Recursive Feature Elimination
In previous sections, all feature selection techniques introduced are in the form of measuring some individual properties relative to each feature and then determining the removal of features based on their “measures.” These methods are universal and can be applied to any dataset using the same pipeline and process. But at the end of the day, feature selection is aimed at improving model performance, and therefore it is crucial to observe how well each feature specifically contributes to model performance. Recursive Feature Elimination (RFE) is a process in which features are removed (eliminated) based on how much they contribute to a trained model.
Due to its effectiveness and flexibility, RFE is one of the most used feature selection algorithms. RFE is not a single method or tool; it’s a wrapper that can adapt to any model depending on the use case. In the following example, Random Forest will be used as the model for feature selection; however, it can be replaced with any other model to improve performance.
Permutation Importance
Permutation Importance can be seen as another way of calculating feature importance. Both Permutation Importance and feature importance measure how much one feature contributes to the overall prediction. However, the calculation of Permutation Importance is independent of the model, meaning that the algorithm remains the same no matter what machine learning model is used. Permutation Importance’s speed depends on the model prediction rate, but it’s still relatively faster than other feature selection algorithms such as RFE.
Permutation Importance produces a measure of relevancy from the feature to the target. Logically, features with low Permutation Importance are potentially unnecessary to the model, while features with higher Permutation Importance may be deemed more useful to the model.
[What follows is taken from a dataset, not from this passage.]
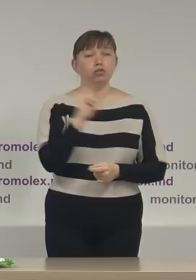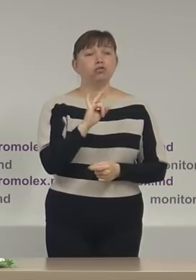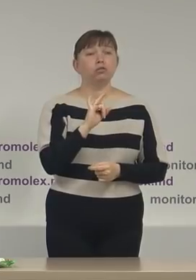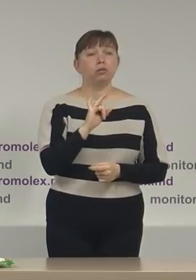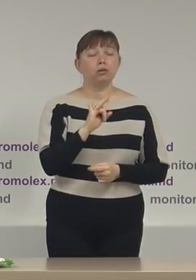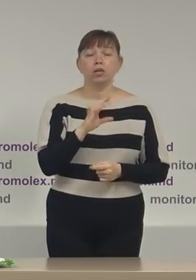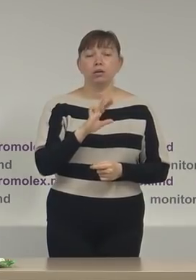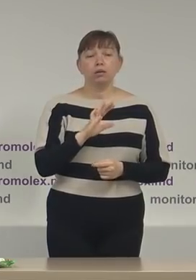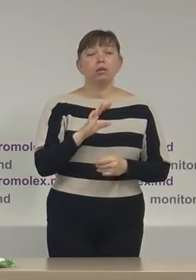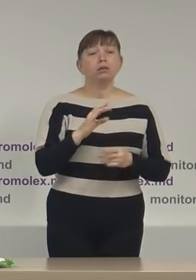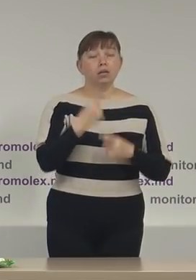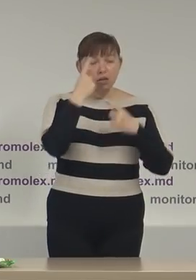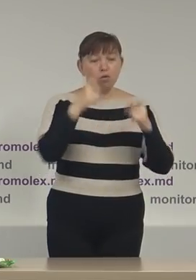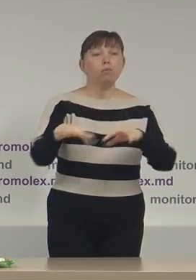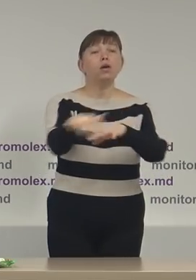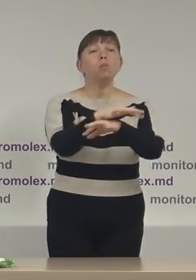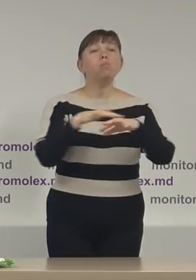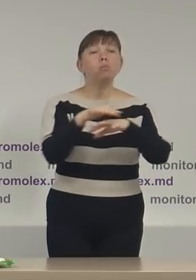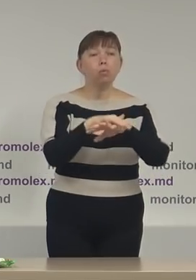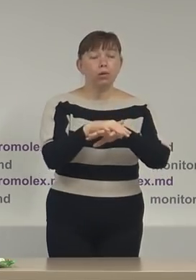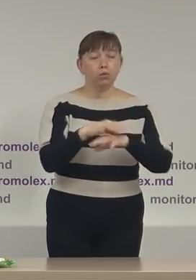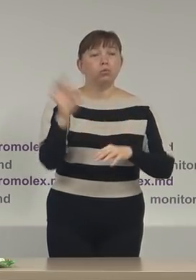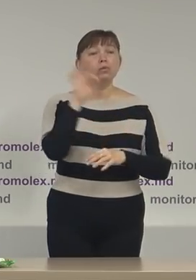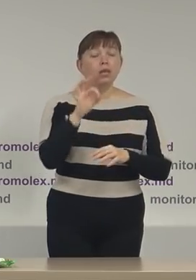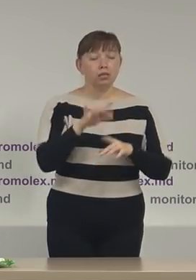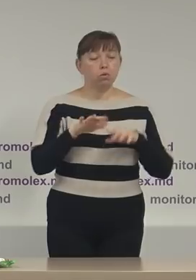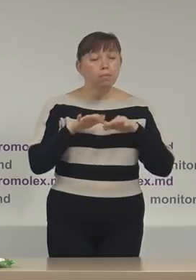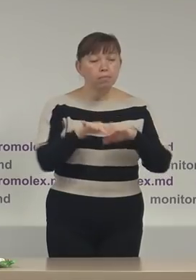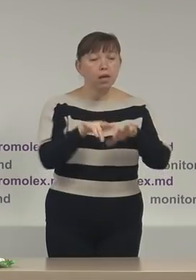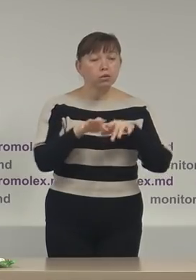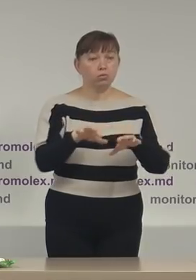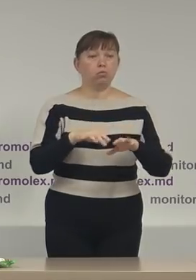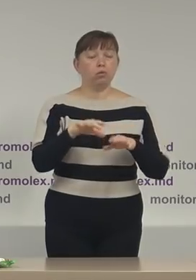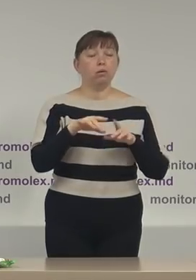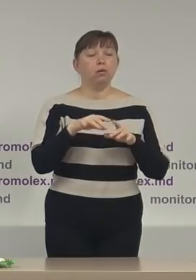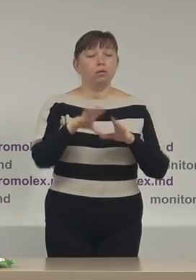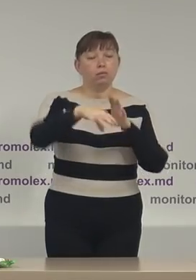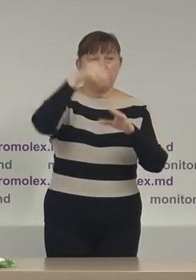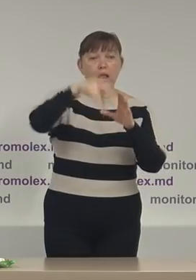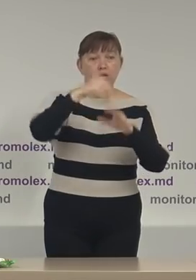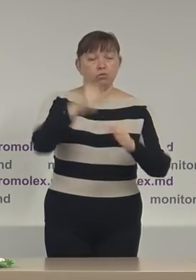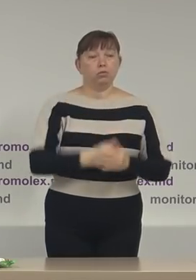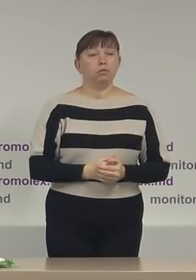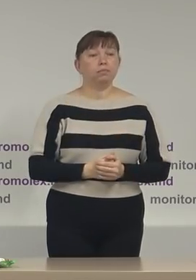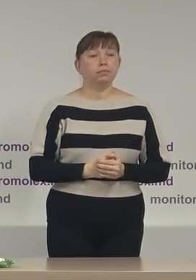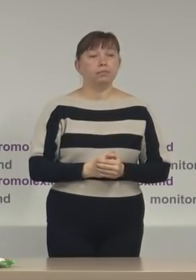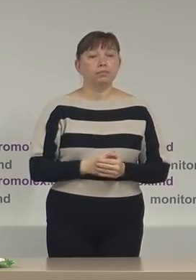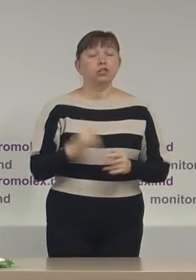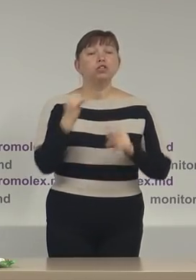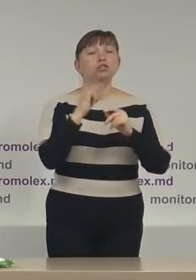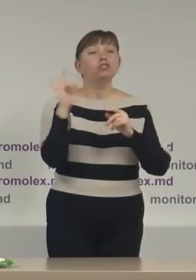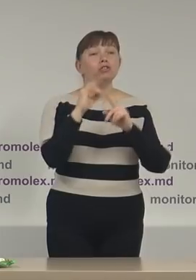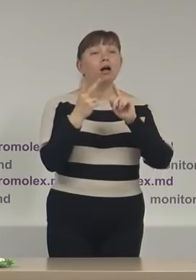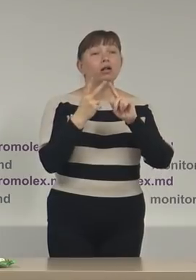în ultimul rând informarea publicului despre mersul procesului electoral și al

The algorithm starts by shuffling the rows of one feature in the validation dataset. After the shuffling, we predict using the trained model and observe the effect that the shuffling has on performance. Theoretically, if one feature is crucial to the model, it would significantly decrease the accuracy of the model prediction. On the other hand, if the feature shuffled does not contribute to model prediction as much, then it wouldn’t affect the model performance as much. By computing the loss function compared to the ground-truth values, we can obtain a measure of feature importance by the performance deterioration from shuffled features.
LASSO Coefficient Selection
Recall that during Linear Regression, a coefficient is assigned to each feature, acting as a weight that decides how much that feature will contribute to the final prediction. Ideally, a perfectly trained regression model would also have perfect coefficients and thus perfect feature importance. As RFE and Permutation Importance demonstrate the concept, we could select and remove features based on their feature importance. Those features with low or zero weight are unimportant or do not contribute to the prediction, so we do not need them for training as they only increase training time and possibly even reduce the performance of our models. Luckily, LASSO regression does this exactly. Depending on the adjustable hyperparameter, the weights of unimportant features will shrink to zero.